We have recognized the traditional strengths of Wake Forest and acknowledged its current needs. This blueprint, focused on the pending arrival of the Class of 2000, suggests the means for successfully pursuing Wake Forest's Pro Humanitate objectives into the 21st century.
Appendix A: Major Forces and Trends Likely to Influence Wake Forest University During the Next Decade
The challenge before Wake Forest is to act in anticipation of major forces and trends, during a decade when:
* Ecology and the environment, the humanities, and religion will be increasingly emphasized.
* Minority, women, and international students will make up an increasing percentage of the enrollment of colleges and universities.
* Societies will become much more multicultural and multilingual.
* Parents, students, accrediting bodies, and the general public will demand accountability and improved quality, reflecting a new wave of consumerism.
* Information will assume greater importance than land, labor, or other forms of capital.
* Decisions will increasingly be made by teams.
* Change will become the norm.
* Downsizing and vertical integration in industry will have repercussions for colleges and universities.
* The University will assume a greater role in civic responsibility as interest in public and community service increases in the larger society.
Source: Consultations with Wake Forest faculty and alumni groups.
Appendix B: The Mission and Purpose of Wake Forest University
Wake Forest is a university dedicated to the pursuit of excellence in the liberal arts and in graduate and professional education.
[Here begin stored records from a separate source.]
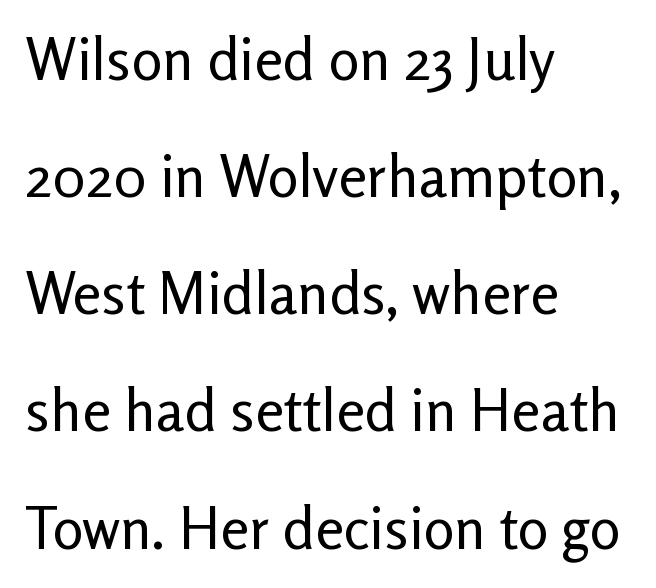
The image shows 58 px regular-weight sans-serif type, upright; set left-aligned, loose line spacing (2.02x), normal letter spacing, not underlined; low stroke contrast and a medium x-height.
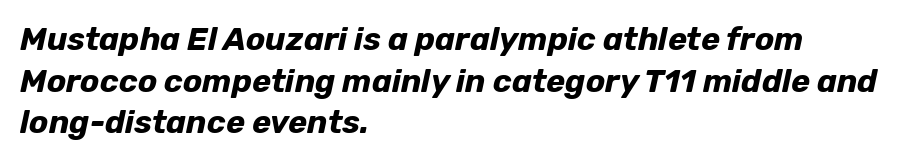
Does the copy run flush right? No — it runs flush left. Each row of text sits above clean, open space. When letters slant like this, we call the style italic. Weight: bold. Proportional: the letters do not fall into vertical columns. The horizontal fit of the characters is conventional and even.
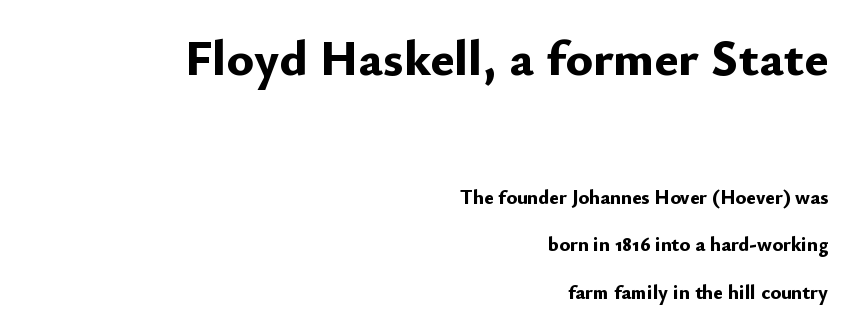
You could call the tracking neutral — neither tight nor loose. Character widths vary here, with narrow letters taking less room than wide ones. The zone under the glyphs is completely vacant. The rendering anchors every line to the right-hand side. This sample trades compactness for vertical openness between lines.
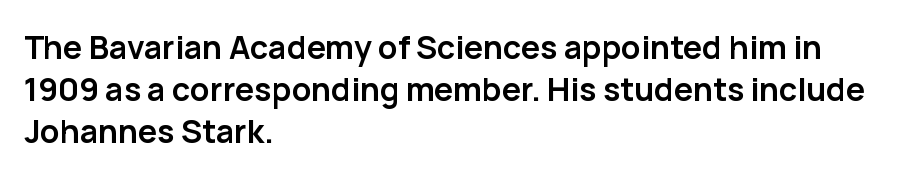
The typesetter chose a ragged-right arrangement here. The horizontal fit of the characters is conventional and even. Here the designer chose a conventional face with non-uniform glyph widths. Horizontal bands of white between lines are of average thickness.
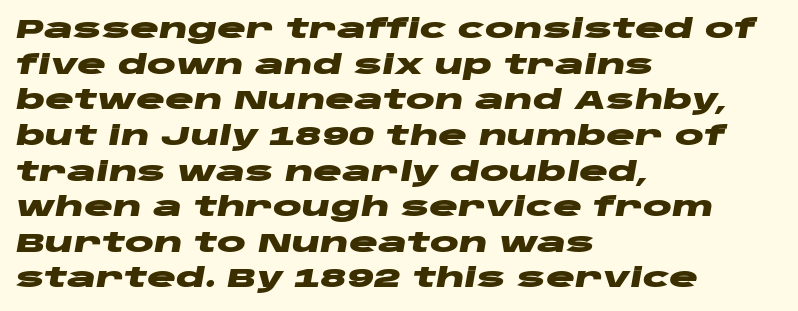
Q: Is the text bold? A: Yes.
Q: Is the text italic (slanted)? A: Yes, it leans right by about 10 degrees.
Q: Is the text underlined? A: No.
Q: How is the paragraph aligned? A: Left-aligned.
Q: Is the spacing between letters normal or unusually wide? A: Normal.
Q: Is the spacing between lines tight, normal or loose? A: Normal.
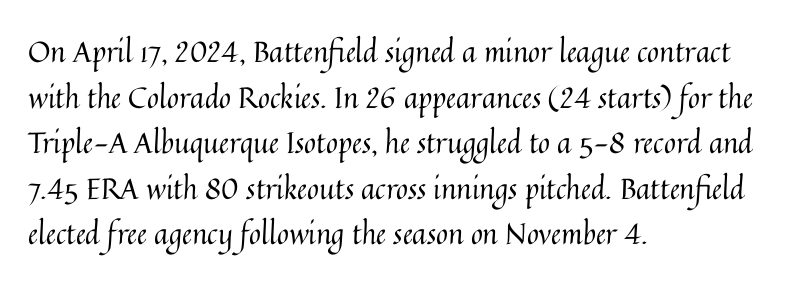
{"bold": "no", "weight": "regular", "width": "normal", "stroke_contrast": "medium", "x_height": "medium", "monospaced": "no", "underline": "no", "align": "left", "line_spacing": "normal", "line_spacing_ratio": 1.57, "letter_spacing": "normal", "letter_spacing_em": 0.0, "glyph_px": 29}
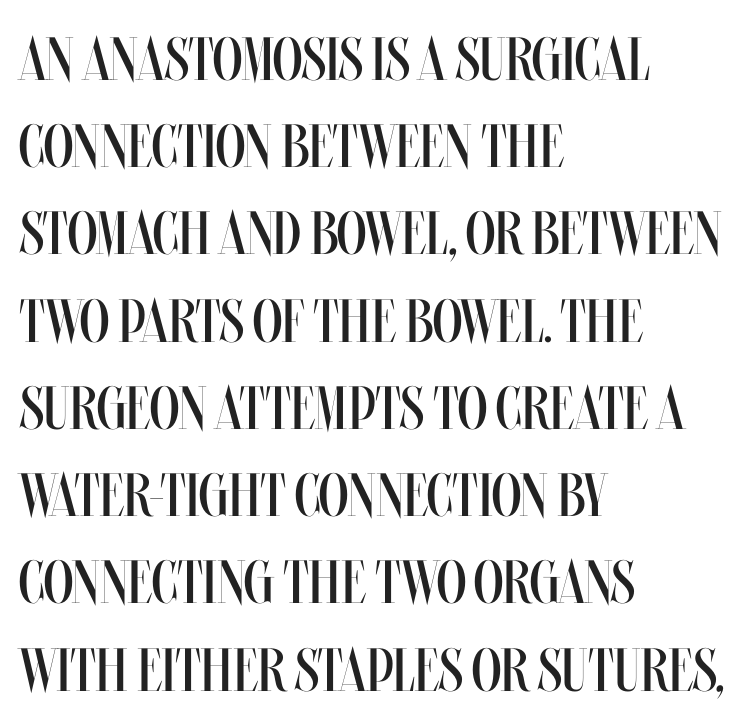
The image shows 61 px regular-weight, condensed type, upright; set left-aligned, normal line spacing (1.43x), normal letter spacing, not underlined; medium stroke contrast and a large x-height.
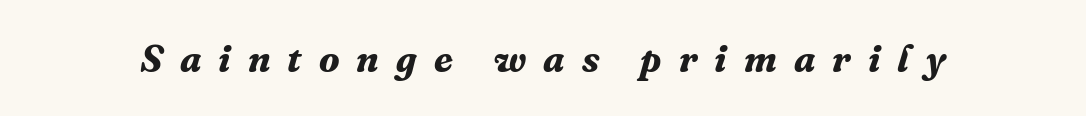
The image shows 38 px bold serif type, italic (leaning right); set unusually wide letter spacing (+0.45 em), not underlined; medium stroke contrast and a medium x-height.
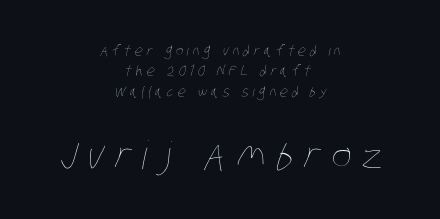
The baseline area is clear. The second block has been scaled up relative to the first. Someone cranked the tracking dial way up on this one. Reading down the block, each line starts at a different indent, mirrored at its end.
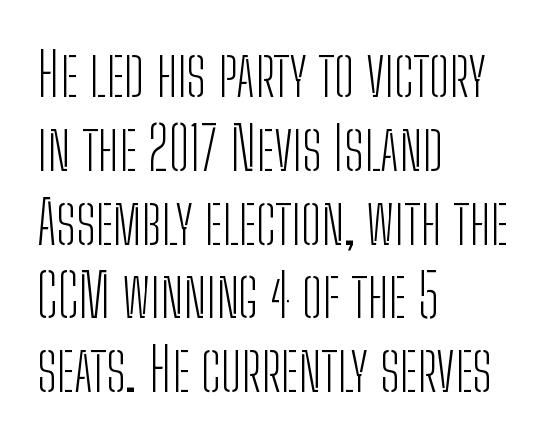
Rule under the text: the space is simply empty. The letterforms sit at book weight or below. Is the letter spacing exaggerated? No — it looks like the ordinary default. The font's upright variant was chosen for this text.
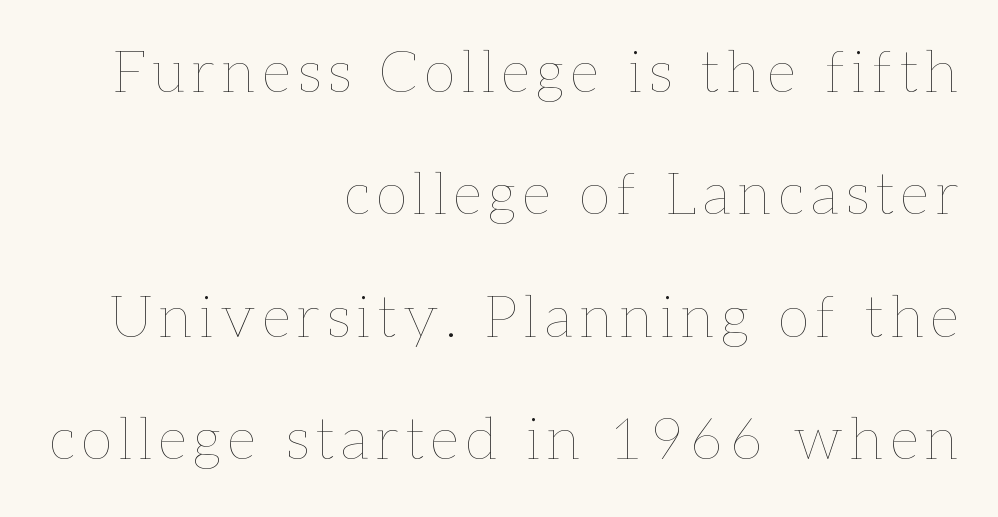
The image shows 58 px thin type, upright; set right-aligned, loose line spacing (2.11x), not underlined; low stroke contrast and a medium x-height.
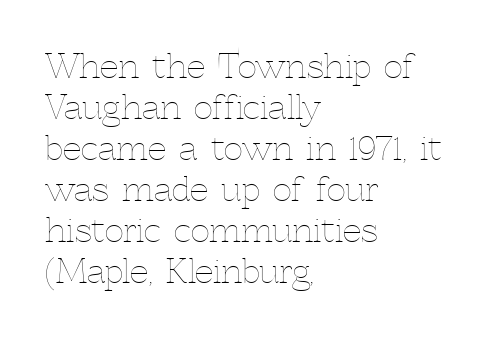
Words appear dense and cohesive because spacing is normal. This rendering features lettering with no underline. Think of a printed novel: that variable character pitch is what you see here. The face looks like a standard text weight, possibly lighter.
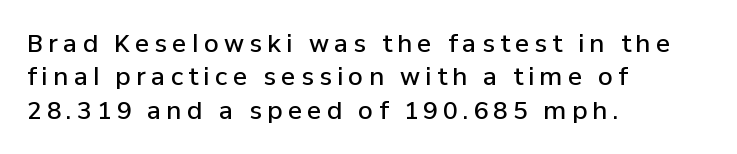
The image shows 24 px text type, upright; set left-aligned, normal line spacing (1.39x), unusually wide letter spacing (+0.22 em), not underlined.
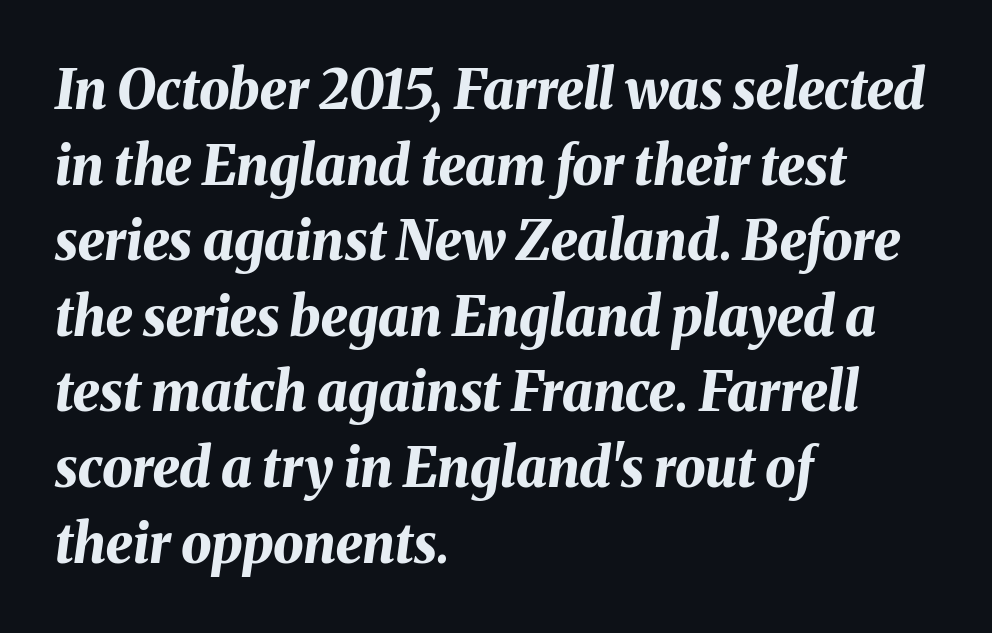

Its distinctiveness in its pursuit of its mission derives from its private, coeducational, and residential character; its size and location; and its Baptist affiliation. Each of these factors constitutes a significant aspect of the unique character of the institution.
The University is now comprised of six constituent parts: two undergraduate institutions, Wake Forest College and the School of Business and Accountancy; the Graduate School; and three professional schools: the School of Law, the Bowman Gray School of Medicine, and the Babcock Graduate School of Management. It seeks to honor the ideals of liberal learning, which entail commitment to transmission of cultural heritages; teaching the modes of learning in the basic disciplines of human knowledge; developing critical appreciation of moral, aesthetic, and religious values; advancing the frontiers of knowledge through in-depth study and research; and applying and using knowledge in the service of humanity.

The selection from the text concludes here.